Task details
Drop every image and restate the entries below word for word.

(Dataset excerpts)
[Start of section]
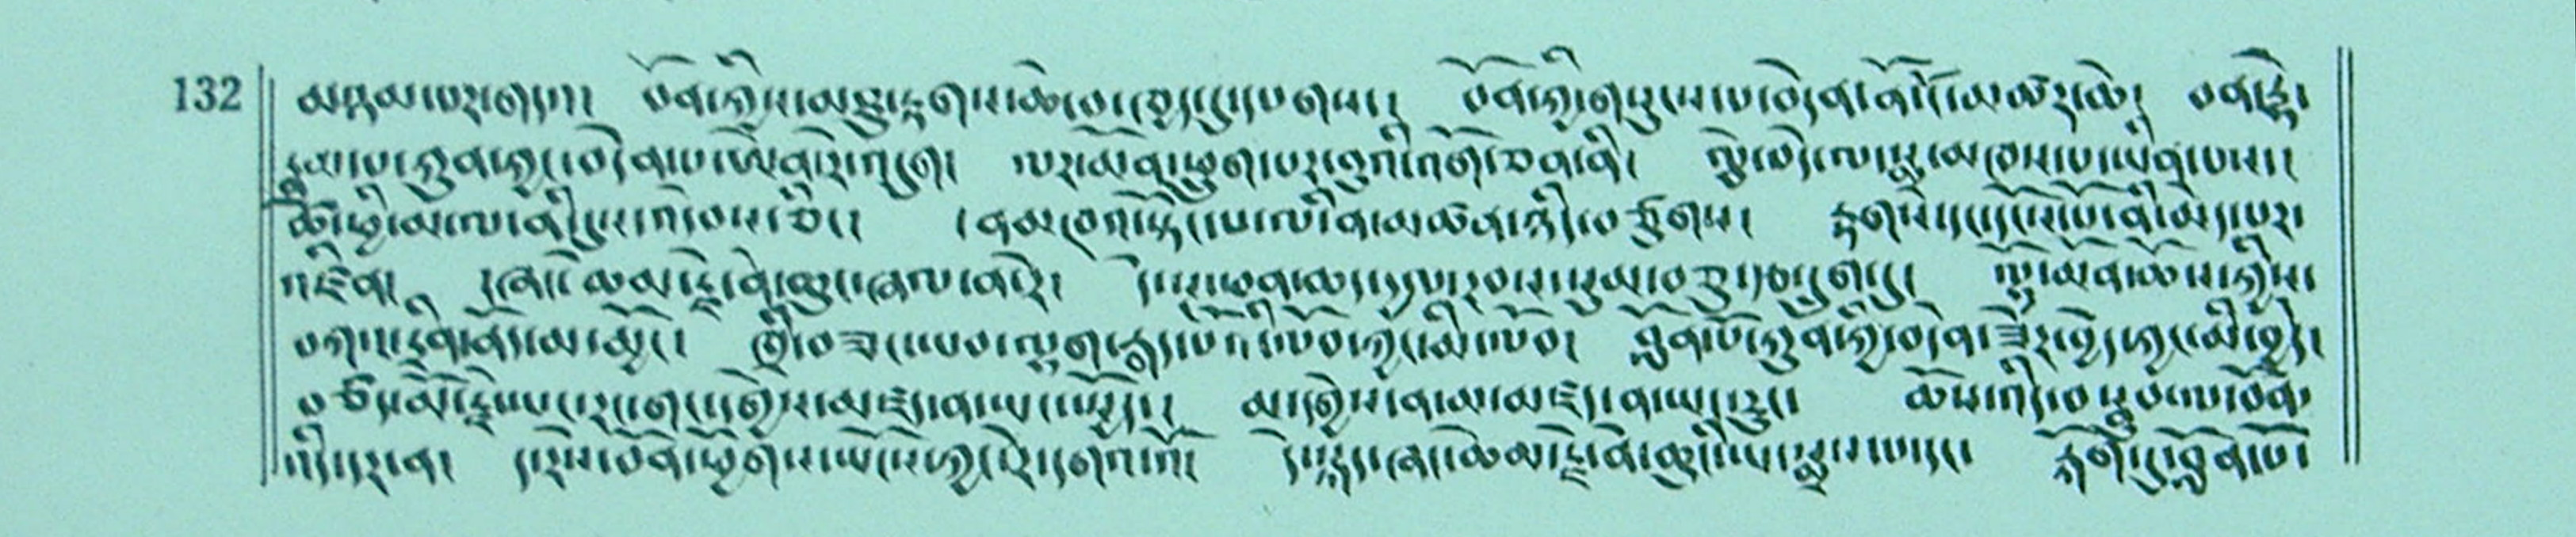མཉམ་པར་གདའ། བོན་གྱིས་མཐུ་རྟགས་ཆེ་བ་ཁྱད་དུ་འཔགས། བོན་གྱི་གསུང་བ་བདེན་ནོ་ངོ་མཚར་ཆེ། བན་དྷེ་
རྣམ་པ་ཀུན་ཀྱང་བདེན་པ་ཨེ་རེ་འདུག ལར་མོན་ཕྲུག་པར་བུའི་མགོ་ཅན་ནི། ལྕེ་བདེ་ལ་སྨྲ་མཁས་པ་ཡིན་པས། 
ཚེ་ཕྱི་མ་ལ་ནི་དུས་འདེབས་ཅིང་། ནམ་མཁའ་སྟོང་པ་ལ་ནི་མཚན་ཉིད་བཙུགས། རྟགས་དང་དངོས་པོ་ནི་མེད་པར་
འཛིན། ཞང་ཆེམ་རྗེ་ནེ་ཆུང་ཞལ་ན་རེ། དེ་སྔ་ཕན་ཆད་རྒྱལ་རབས་སུམ་བཅུ་རྩ་དྲུག་ཏུ། ལྷོ་མོན་ཆོས་ཀྱི་
བཀའ་དྲིན་ནོད་མ་མྱོང་། ཁྲི་བཟང་ཡབ་ལྷག་རྒད་པོའི་ལོབ་ཀྱང་མི་ལོབ། བློན་པོ་ཀུན་ཀྱི་བདེན་ཟེར་བྱེད་ཀྱང་མི་བྱེད། །
བཙད་མོ་རྗེ་ཡང་རང་གང་དགྱེས་མཛད་ན་ཡང་སྤྱོད། མ་དགྱེས་ན་ལ་མཛད་ན་ཡང་རུང་། ཆོས་འདི་བསྣུབ་ལ་བོན་
འདི་དར་ན། ད་རེས་བོན་ཕྱོགས་ཡོངས་ཀྱང་རེ་དགའ་འོ། །དེ་སྐད་ཞང་ཆེམ་རྗེ་ནེའུ་ཆུང་གི་སྨྲས་པ་དང་། ལྐོག་ཏུ་བློན་པོ་
[End of section]
Expected answer
མཉམ་པར་གདའ། བོན་གྱིས་མཐུ་རྟགས་ཆེ་བ་ཁྱད་དུ་འཔགས། བོན་གྱི་གསུང་བ་བདེན་ནོ་ངོ་མཚར་ཆེ། བན་དྷེ་
རྣམ་པ་ཀུན་ཀྱང་བདེན་པ་ཨེ་རེ་འདུག ལར་མོན་ཕྲུག་པར་བུའི་མགོ་ཅན་ནི། ལྕེ་བདེ་ལ་སྨྲ་མཁས་པ་ཡིན་པས། 
ཚེ་ཕྱི་མ་ལ་ནི་དུས་འདེབས་ཅིང་། ནམ་མཁའ་སྟོང་པ་ལ་ནི་མཚན་ཉིད་བཙུགས། རྟགས་དང་དངོས་པོ་ནི་མེད་པར་
འཛིན། ཞང་ཆེམ་རྗེ་ནེ་ཆུང་ཞལ་ན་རེ། དེ་སྔ་ཕན་ཆད་རྒྱལ་རབས་སུམ་བཅུ་རྩ་དྲུག་ཏུ། ལྷོ་མོན་ཆོས་ཀྱི་
བཀའ་དྲིན་ནོད་མ་མྱོང་། ཁྲི་བཟང་ཡབ་ལྷག་རྒད་པོའི་ལོབ་ཀྱང་མི་ལོབ། བློན་པོ་ཀུན་ཀྱི་བདེན་ཟེར་བྱེད་ཀྱང་མི་བྱེད། །
བཙད་མོ་རྗེ་ཡང་རང་གང་དགྱེས་མཛད་ན་ཡང་སྤྱོད། མ་དགྱེས་ན་ལ་མཛད་ན་ཡང་རུང་། ཆོས་འདི་བསྣུབ་ལ་བོན་
འདི་དར་ན། ད་རེས་བོན་ཕྱོགས་ཡོངས་ཀྱང་རེ་དགའ་འོ། །དེ་སྐད་ཞང་ཆེམ་རྗེ་ནེའུ་ཆུང་གི་སྨྲས་པ་དང་། ལྐོག་ཏུ་བློན་པོ་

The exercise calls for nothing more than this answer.